En la web de esta asociación podemos leer también: «A tradición al servido de la innovación. Solo quien conoce la tradición está preparado para modelar el futuro» porque hoy día las embarcaciones de madera incorporan las últimas técnicas más innovadoras y la tecnología más puntera que nada tiene que envidiar a otro tipo de construcciones navales fabricadas con otros materiales como el poliéster, embarcaciones sin duda más competitivas por su bajo mantenimiento pero que no generan riqueza en el territorio, sea de carácter laboral como de aprovechamiento de recursos naturales autóctonos , ni es afable con el medio ambiente, ni retorna como nutriente a través del tratamiento circular de residuos al final de su vida, algo que es innato a los barcos de madera. Sin duda, nos encontramos con otro ejemplo más de la cultura de la competitividad económica a corto plazo que poco tiene que ver con la capacidad de generar riqueza a medio y largo plazo sin dañar nuestro entorno ¿os suena?. Mientras los barcos de madera pueden llegar a los sesenta, ochenta o hasta cien años de vida productiva y luego desguazar completamente para otros usos, los de poliéster o fibra de vidrio terminarán en un cementerio arrumbados, no hay forma de recuperarlos.
En el siguiente cuadro, elaborado por Agalcari, podemos ver las principales características de los embarcaciones de madera:
Desde hace tiempo la Fundación Pública Artesanía de Galicia, entidad que gestiona la promoción artesana en dicha comunidad autónoma y muy interesada en el impulso de esta actividad artesanal, me traslada la necesidad de poner en valor su formación sin demora. Esto me llevó, invitado por dicha Fundación a visitar hace unos meses Astilleros Catoira en Rianxo (La Coruña) para conocer el sector in situ y reunirme con Ramón Collazo, su propietario y actual presidente de Agalcari, que me explicaba con pasión todo el proceso constructivo de las embarcaciones de madera y me trasladaba el problema de relevo tan grande que padecen.

Como señalaba Ramón, si esta falta de efectivos no se resuelve a corto plazo podría llevar a la desaparición del sector como actividad artesanal e industrial. Es para tomárselo en serio, actualmente solo en tierras gallegas la carpintería de ribera factura unos diez millones de euros a través de una veintena de astilleros – que se mantienen de los más de cien que existían en el siglo pasado- y dan trabajo a unas cien personas, sin contar los quinientos empleos indirectos que genera.

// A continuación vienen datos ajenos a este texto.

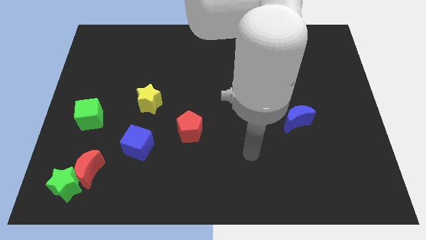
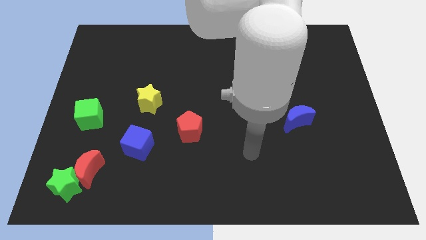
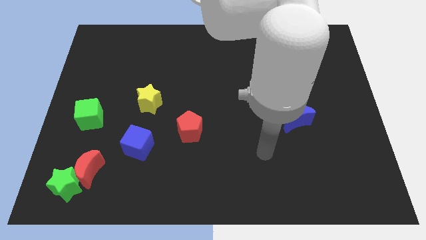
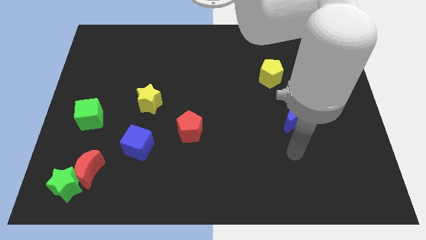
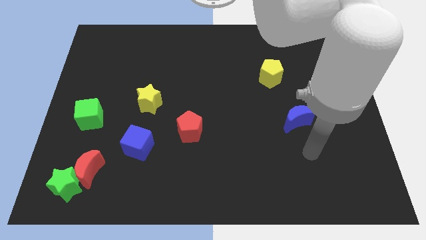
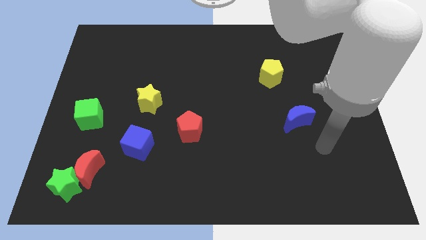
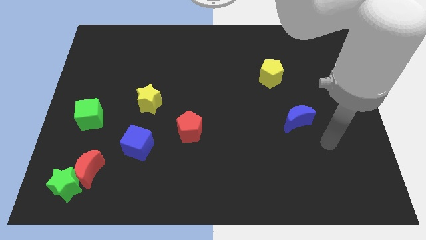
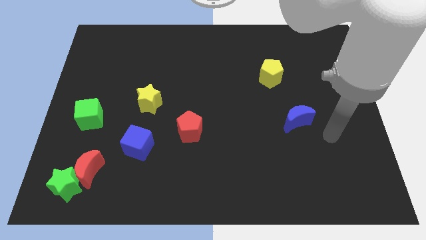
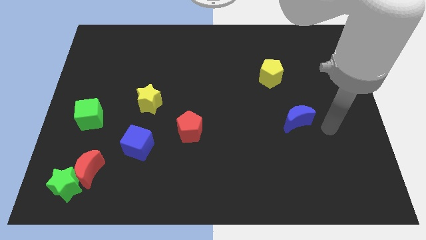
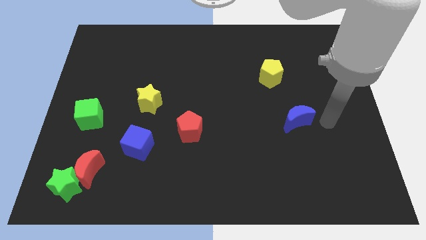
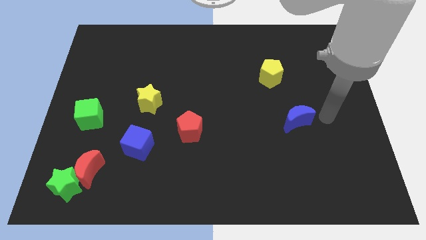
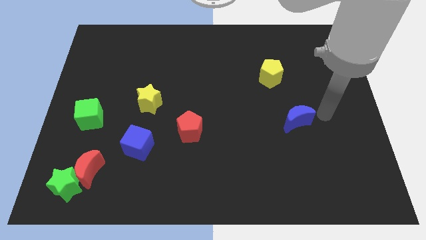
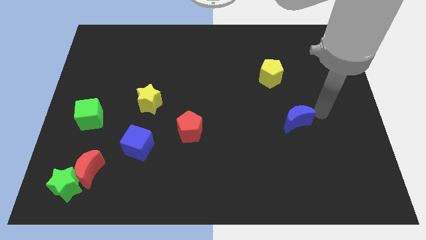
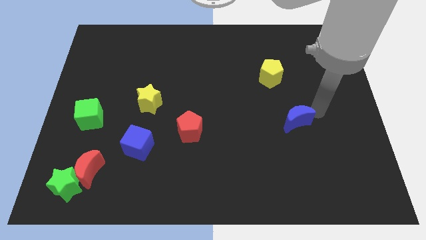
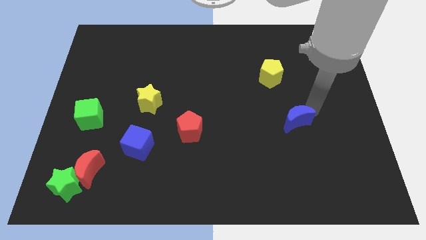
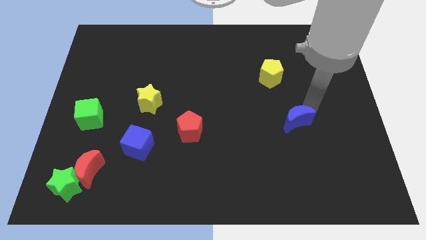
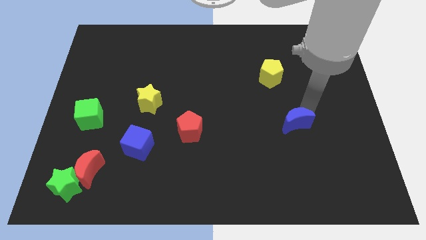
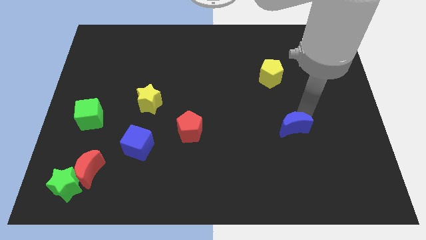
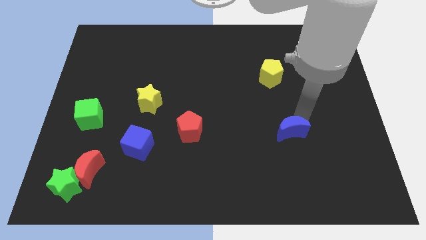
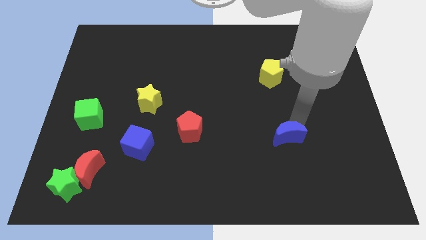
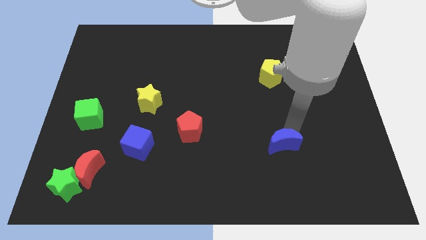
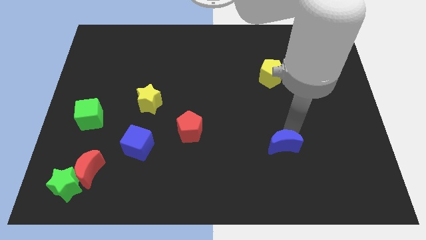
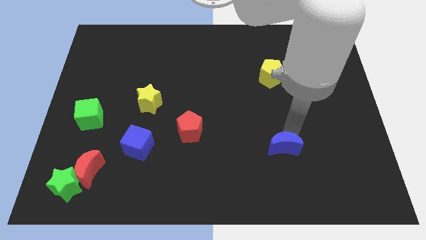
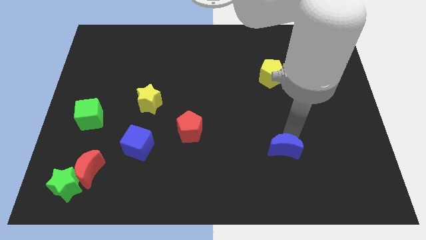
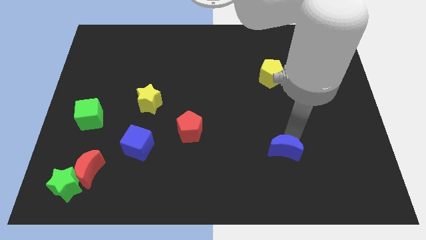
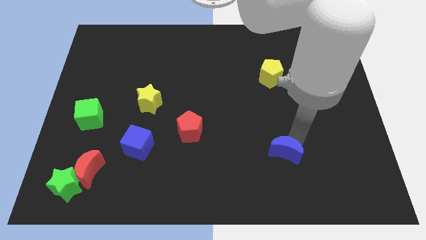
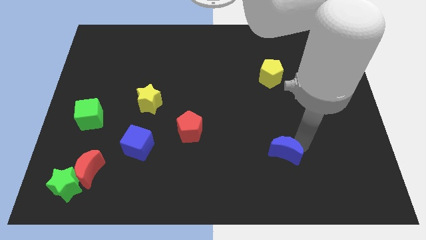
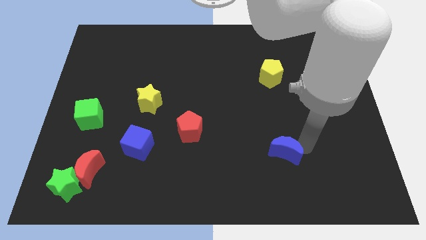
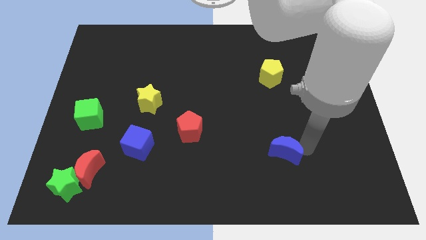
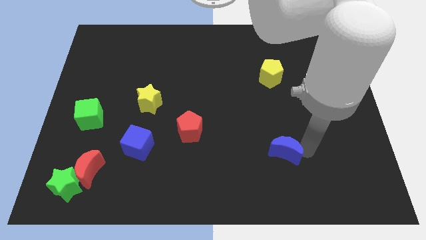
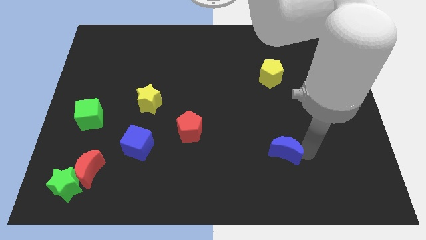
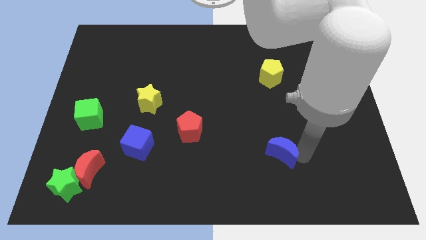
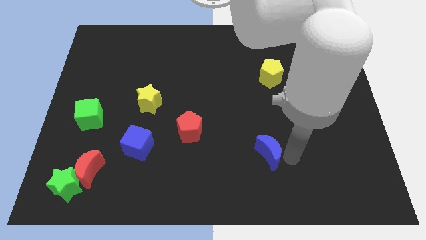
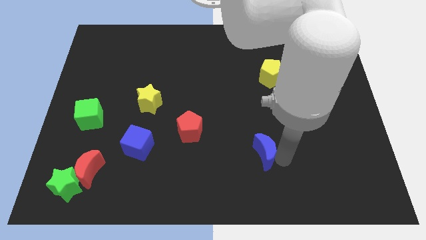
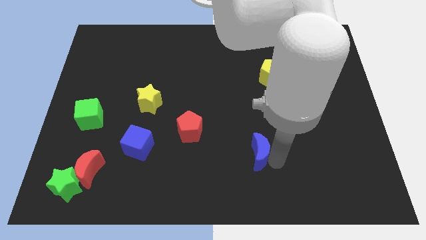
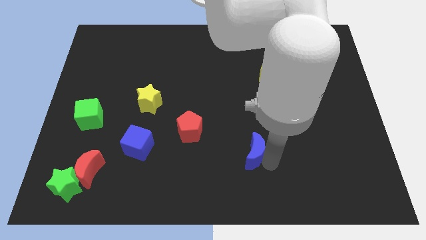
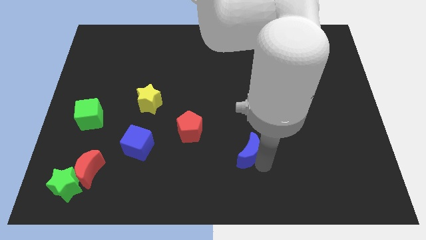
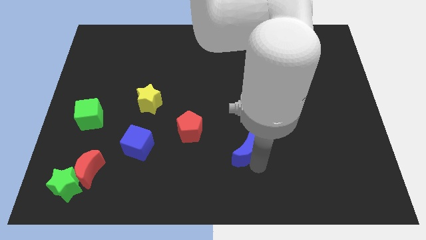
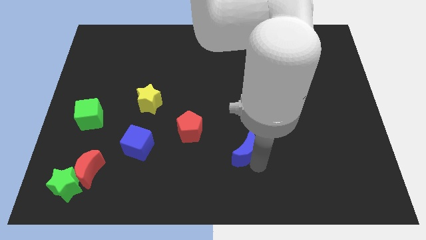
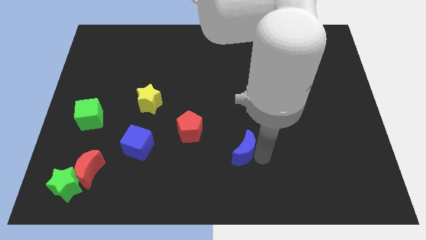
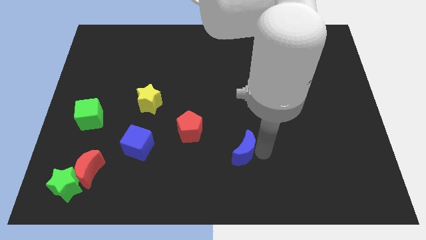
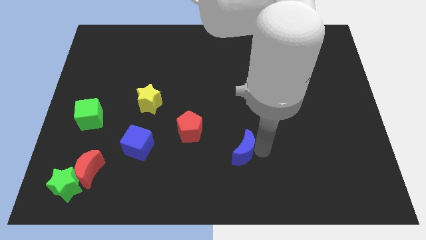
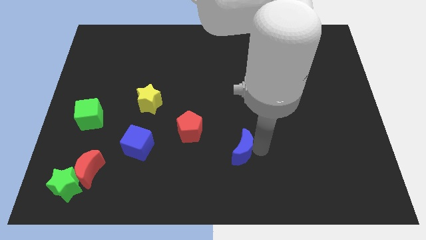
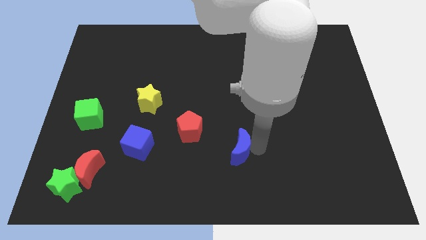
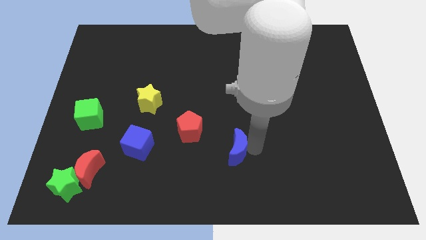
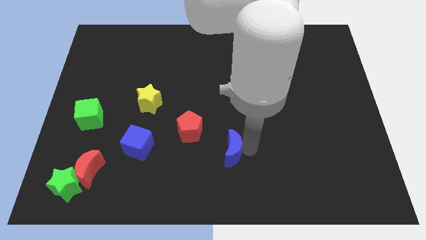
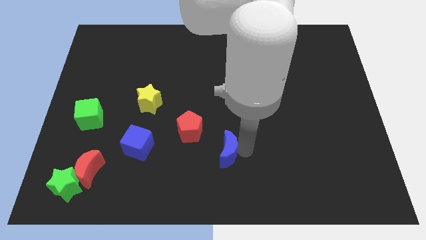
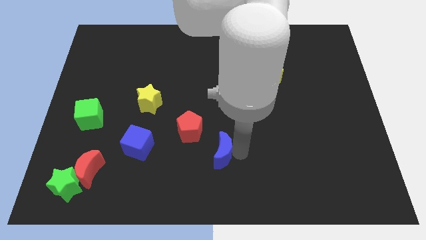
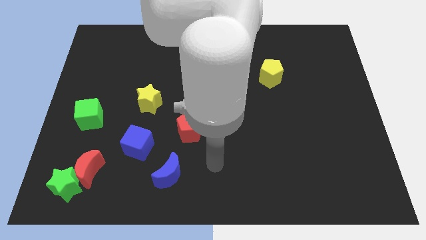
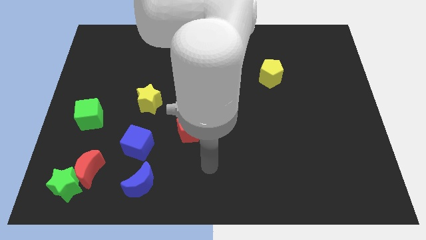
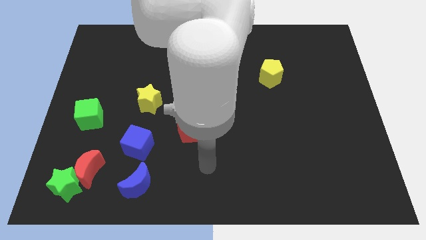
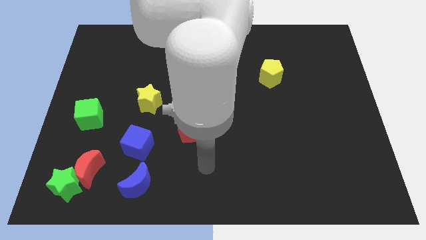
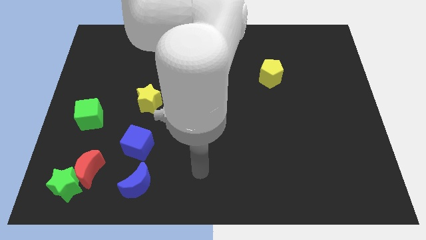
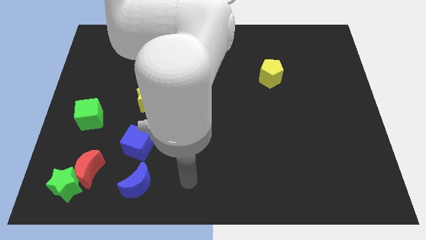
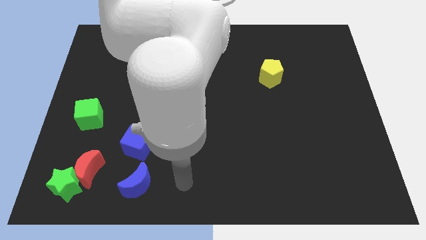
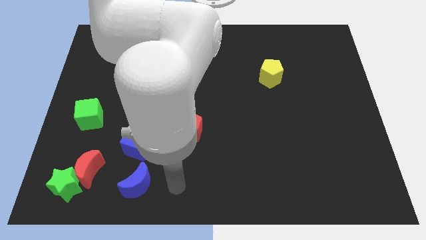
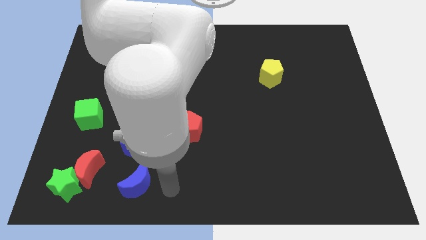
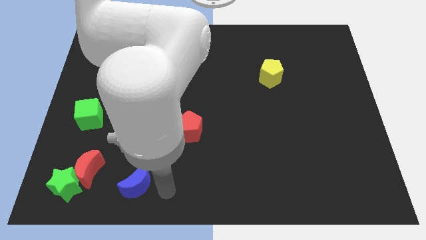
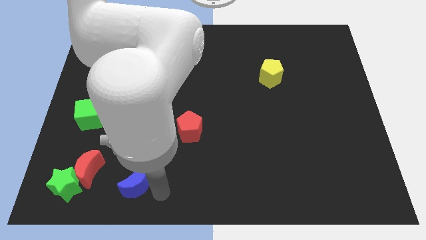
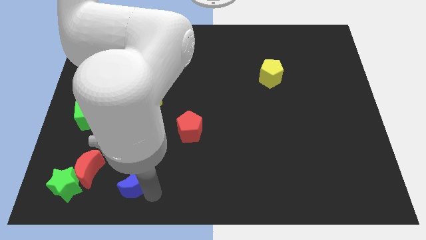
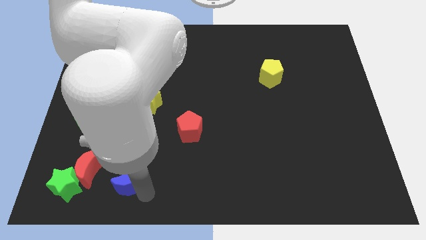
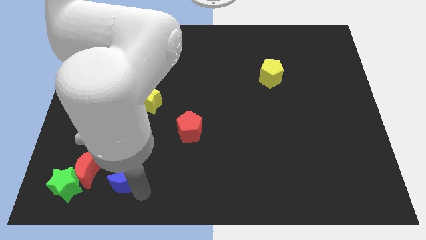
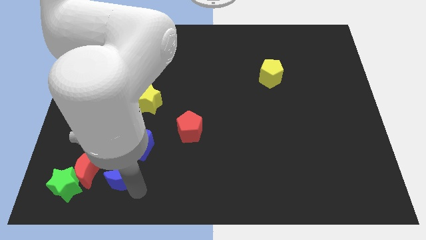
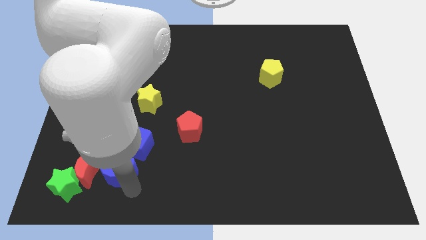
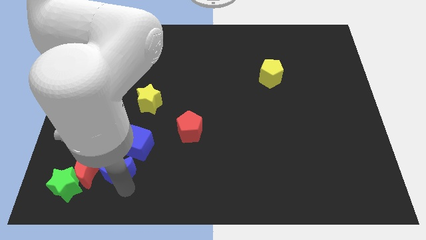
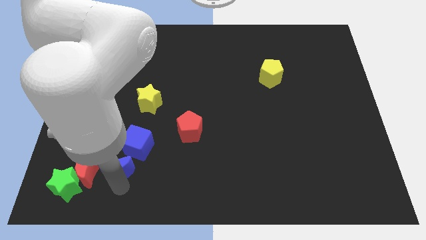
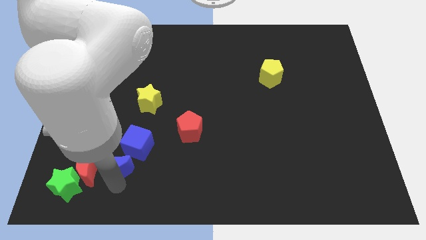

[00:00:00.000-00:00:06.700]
move the blue moon to the red moon

En aquella visita el presidente de Agalcari me hablaba de la urgencia de una formación reglada para los carpinteros de ribera a través del sistema educativo, reivindicación de su asociación a la que se sumaban además de la propia Fundación Artesanía de Galicia como promotora, la Dirección General de Comercio y Consumo, y la Dirección General de Desarrollo Pesquero de la Xunta de Galicia, entidades con las que hemos mantenido diferentes contactos y encuentros desde entonces con el fin de estudiar la hoja de ruta a seguir.
Entre estos encuentros podemos destacar la reunión mantenida el pasado mes de julio para iniciar el trabajo colaborativo en red, coordinado por el Centro Albayzín como Centro de Referencia Nacional de Artesanía, y al que se sumaban el Instituto Politécnico Marítimo Pesqueiro de Vigo, en calidad de Centro de Referencia Nacional en Pesca y Navegación, y la Escuela de la Madera de Encinas Reales como Centro de Referencia Nacional de Producción, Carpintería y Mueble. También podemos destacar el encuentro presencial mantenido recientemente el pasado mes de agosto durante el XVI Encuentro de Embarcaciones Tradicionales de Galicia, en el municipio de SADA (La Coruña), donde reiterábamos el compromiso de trabajar conjuntamente para promover la formación reglada en este sector.

Sin duda, la colaboración entre diferentes administraciones públicas, centros de referencia nacional y el tejido asociativo profesional es la vía más idónea para abordar la formación profesional de un sector productivo que afecta a diferentes familias profesionales y ámbitos productivos como el artesanal, el industrial y el pesquero. Seguimos…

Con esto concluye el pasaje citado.